The two girls, Kolbrún and Edda, were both sitting waiting for her. When Una saw Edda, her first thought was that she looked quite different by daylight, her features much clearer and her whole demeanour brighter and more animated than it had appeared when seen through the window the evening before.

Una hadn’t brought any textbooks along for this first lesson, having decided to use the time to get to know her two pupils instead. With the dream still impinging on her thoughts, she found it all the more important to start by lightening the atmosphere, in the hope that this would take the edge off her lingering sense of unease.

‘Hello, girls. My name’s Una. I’ve just moved here from Reyk-javík and I’m going to be your teacher this winter.’

Edda nodded, but Kolbrún’s face remained impassive.

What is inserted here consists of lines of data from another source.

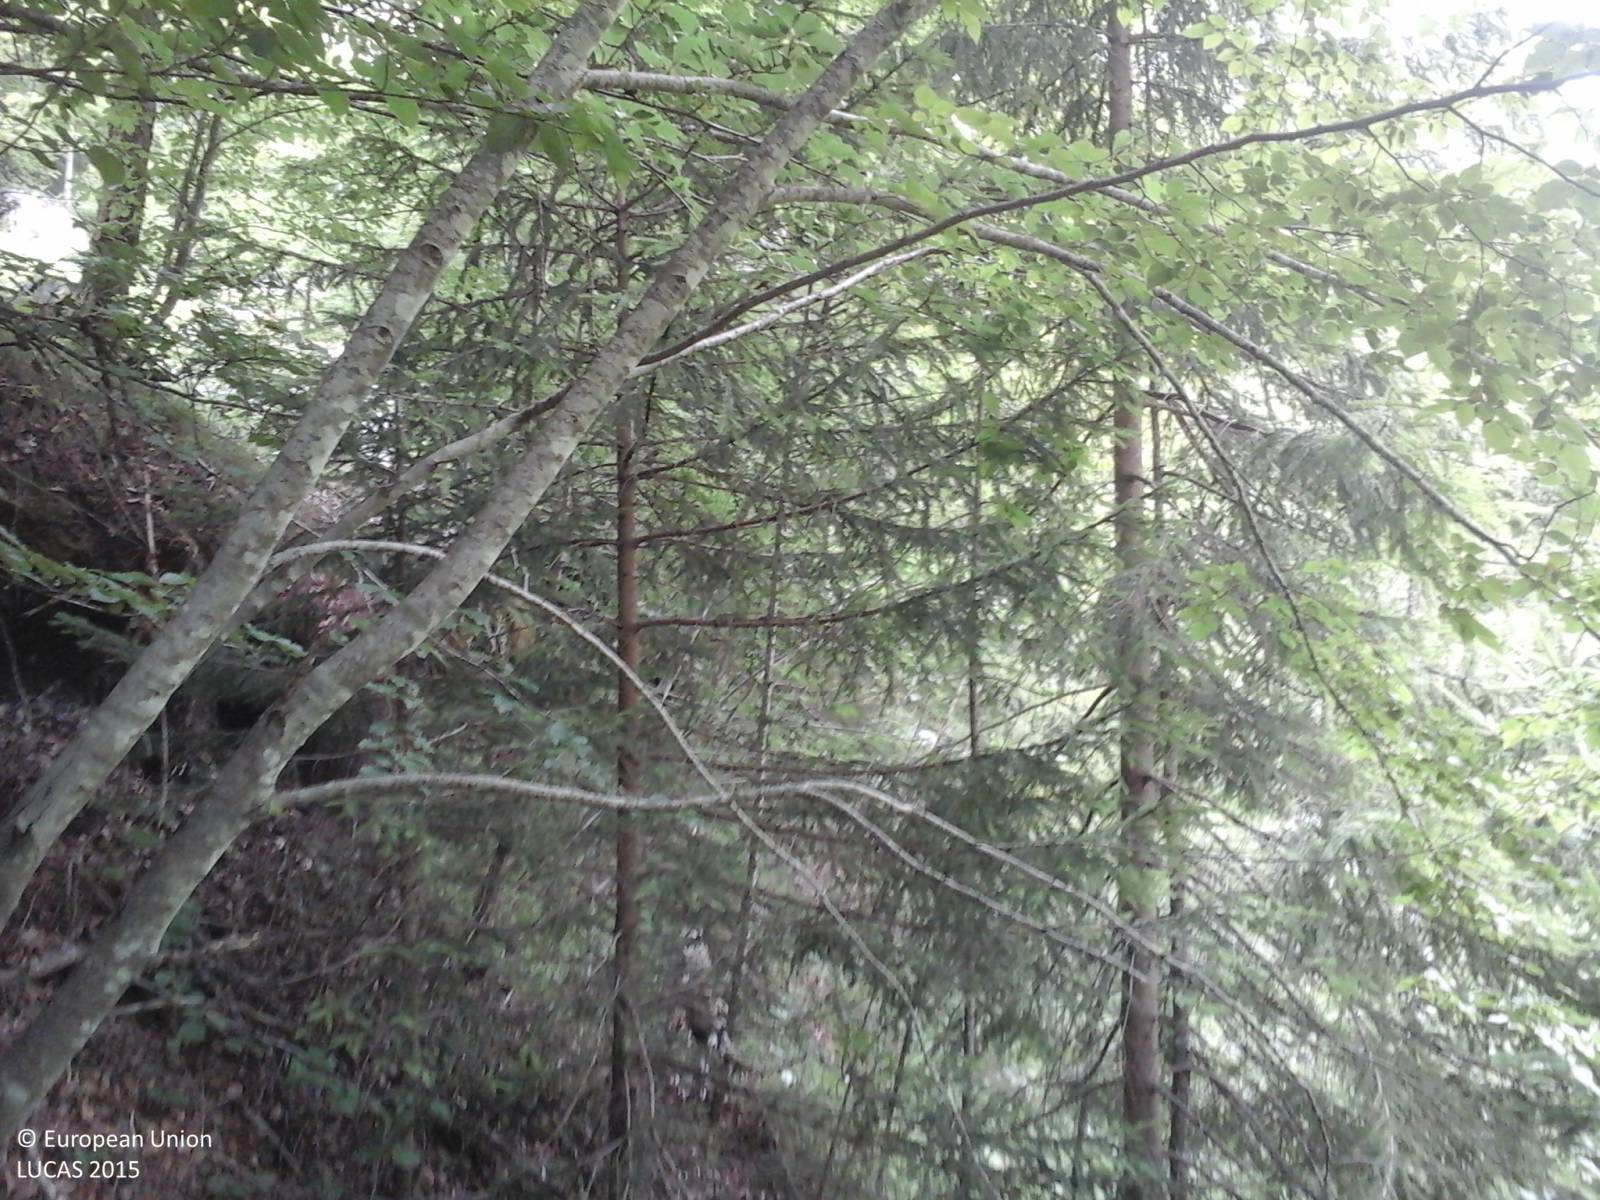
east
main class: Woodland
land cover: Broadleaved woodland
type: mountainous beech forest
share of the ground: > 75 %
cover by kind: broadleaved forest trees 75 %, coniferous forest trees 25 %
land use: Forestry
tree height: > 5 m
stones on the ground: > 50 %
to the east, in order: Broadleaved woodland; Tracks; Other coniferous woodland; Other mixed woodland
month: July
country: IT
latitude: 46.2877
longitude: 12.4244

‘I’ve been so looking forward to coming here and teaching you that I even dreamt about you last night.’ Una smiled. ‘Well, about Edda, anyway, because I met her briefly yesterday.’

Edda frowned. ‘You didn’t meet me yesterday,’ she said flatly.

Una smiled again. ‘I didn’t mean I literally met you, but I saw you when I arrived. You were standing at the downstairs window, remember?’

‘No. I didn’t see you,’ the girl insisted. ‘I always go to bed early.’

‘But your mother said …’ Una stopped herself; there was no call to get off on the wrong foot by arguing with her pupil, though the girl was obviously lying.